## WHAT YOU ARE ASKED TO DO
Word for word, repeat the data; no picture should appear in the result.
___ EXTRACTED ENTRIES ___
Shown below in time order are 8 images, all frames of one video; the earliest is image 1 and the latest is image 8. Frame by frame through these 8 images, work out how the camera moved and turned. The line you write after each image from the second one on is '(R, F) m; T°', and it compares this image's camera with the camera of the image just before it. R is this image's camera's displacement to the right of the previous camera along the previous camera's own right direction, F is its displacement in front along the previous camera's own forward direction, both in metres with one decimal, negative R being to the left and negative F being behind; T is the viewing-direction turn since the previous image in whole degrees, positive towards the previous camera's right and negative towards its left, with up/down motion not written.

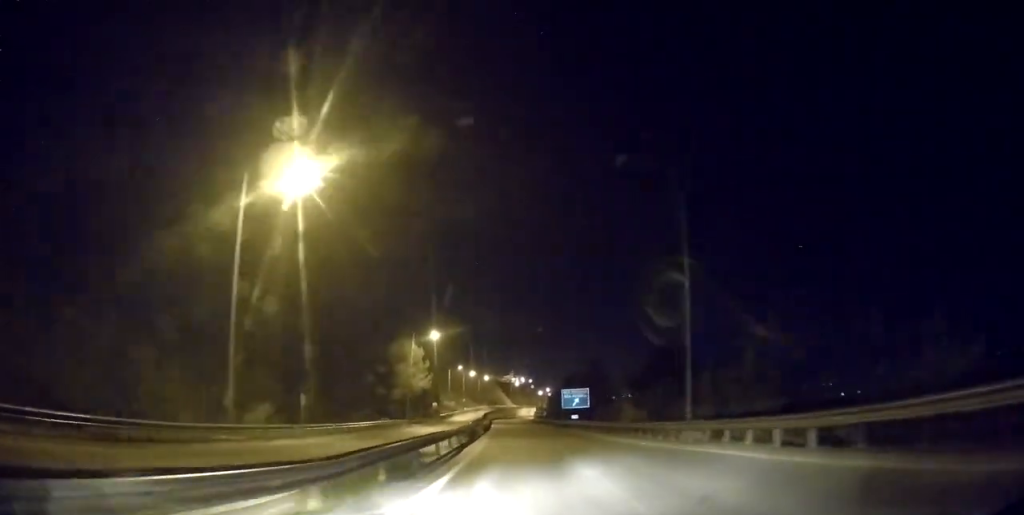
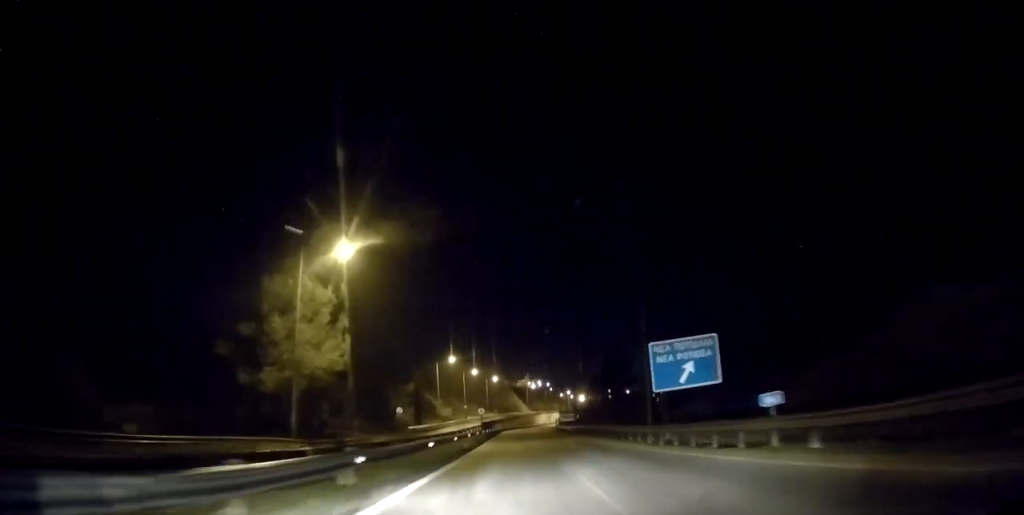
(-0.5, +42.4) m; -1°
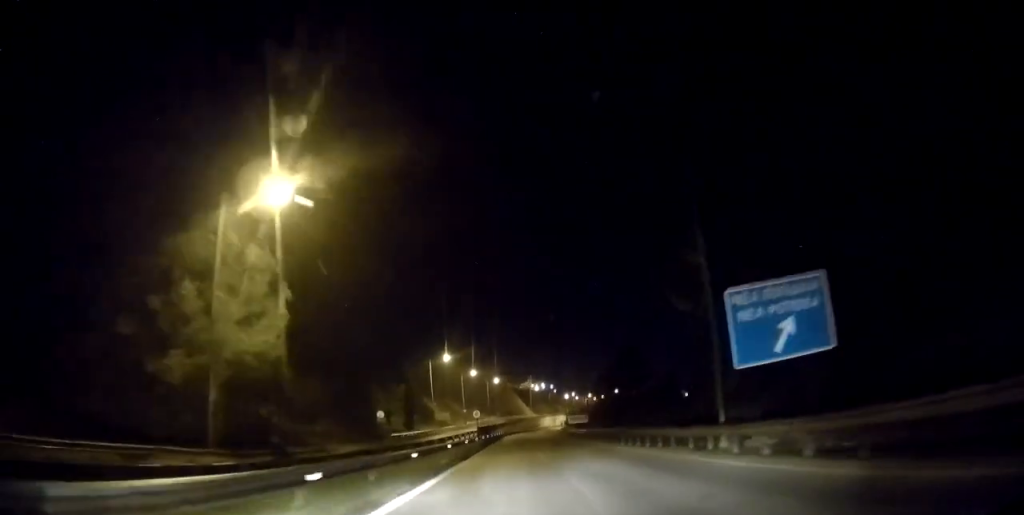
(0.0, +10.1) m; 0°
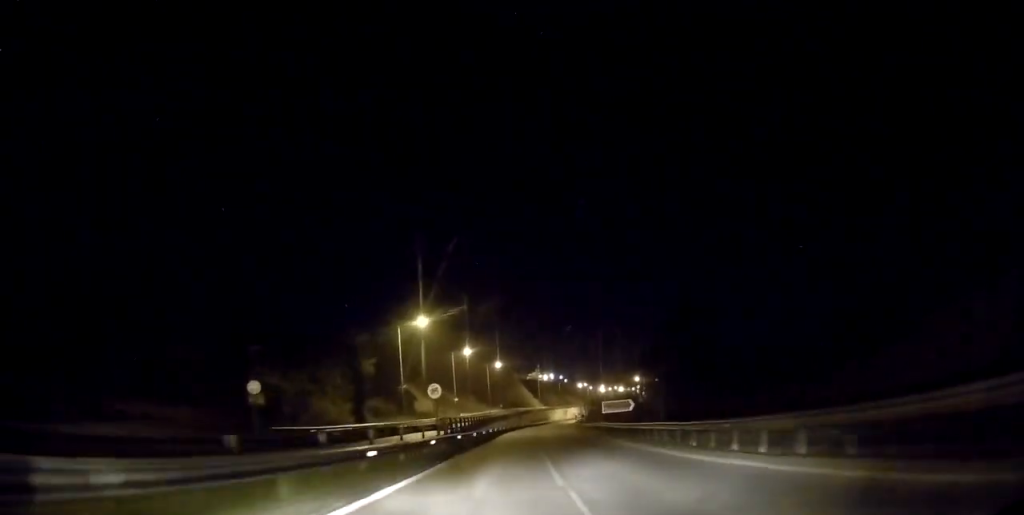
(-0.2, +27.6) m; 0°
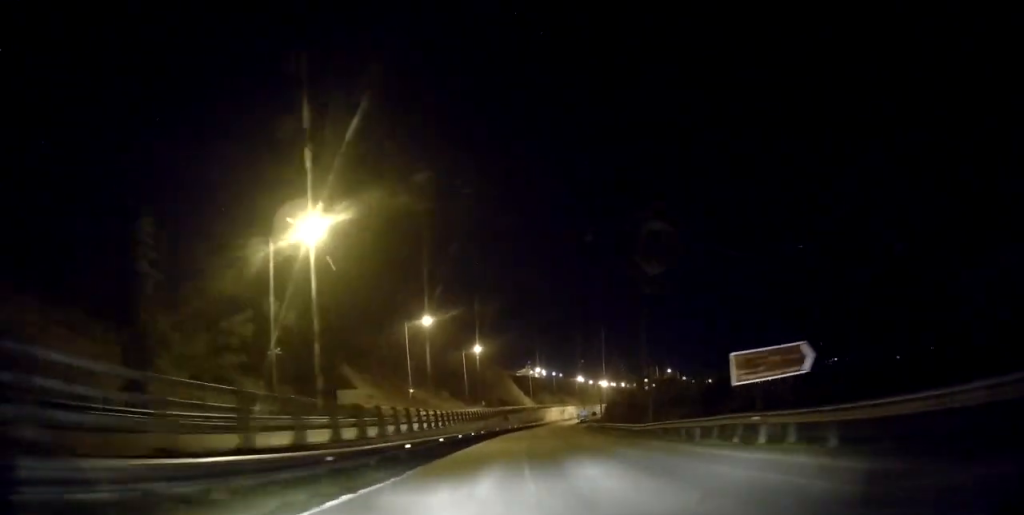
(+0.2, +33.0) m; +1°
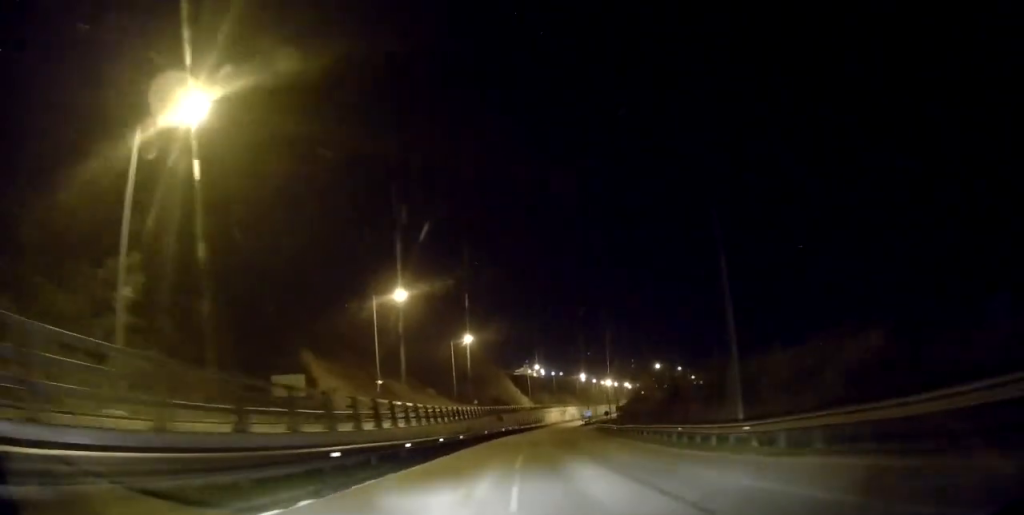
(0.0, +14.6) m; +1°
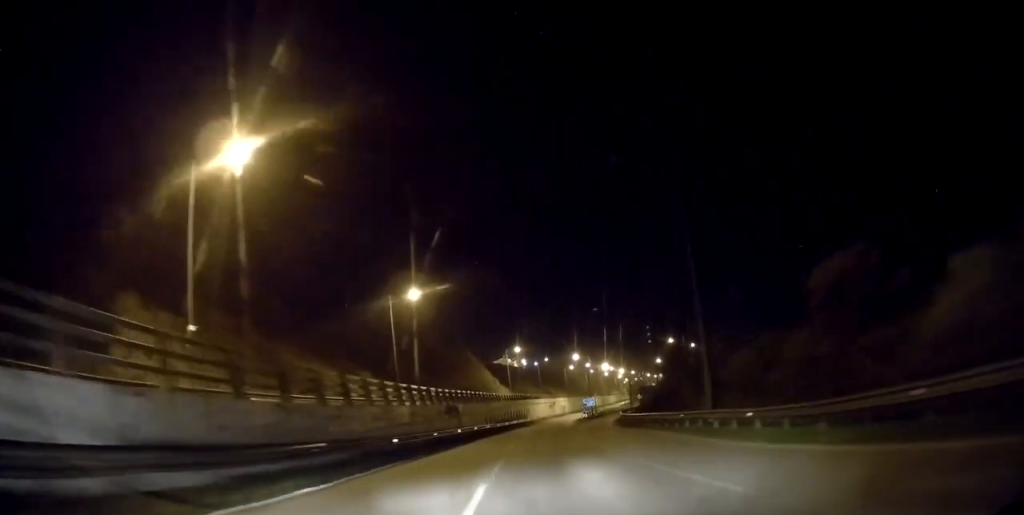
(+0.6, +31.1) m; +1°
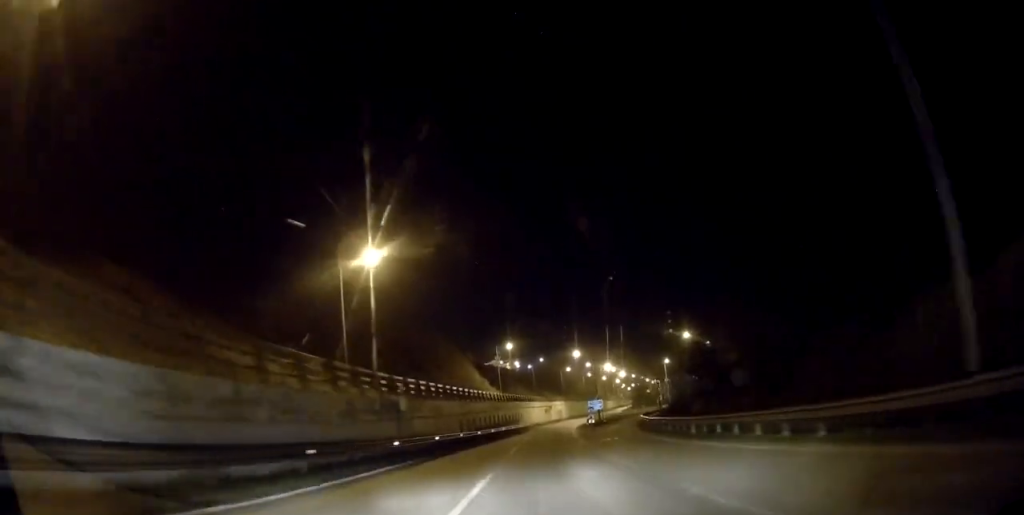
(0.0, +15.8) m; +1°
___
## WRITTEN SOLUTION
Shown below in time order are 8 images, all frames of one video; the earliest is image 1 and the latest is image 8. Frame by frame through these 8 images, work out how the camera moved and turned. The line you write after each image from the second one on is '(R, F) m; T°', and it compares this image's camera with the camera of the image just before it. R is this image's camera's displacement to the right of the previous camera along the previous camera's own right direction, F is its displacement in front along the previous camera's own forward direction, both in metres with one decimal, negative R being to the left and negative F being behind; T is the viewing-direction turn since the previous image in whole degrees, positive towards the previous camera's right and negative towards its left, with up/down motion not written.

(-0.5, +42.4) m; -1°
(0.0, +10.1) m; 0°
(-0.2, +27.6) m; 0°
(+0.2, +33.0) m; +1°
(0.0, +14.6) m; +1°
(+0.6, +31.1) m; +1°
(0.0, +15.8) m; +1°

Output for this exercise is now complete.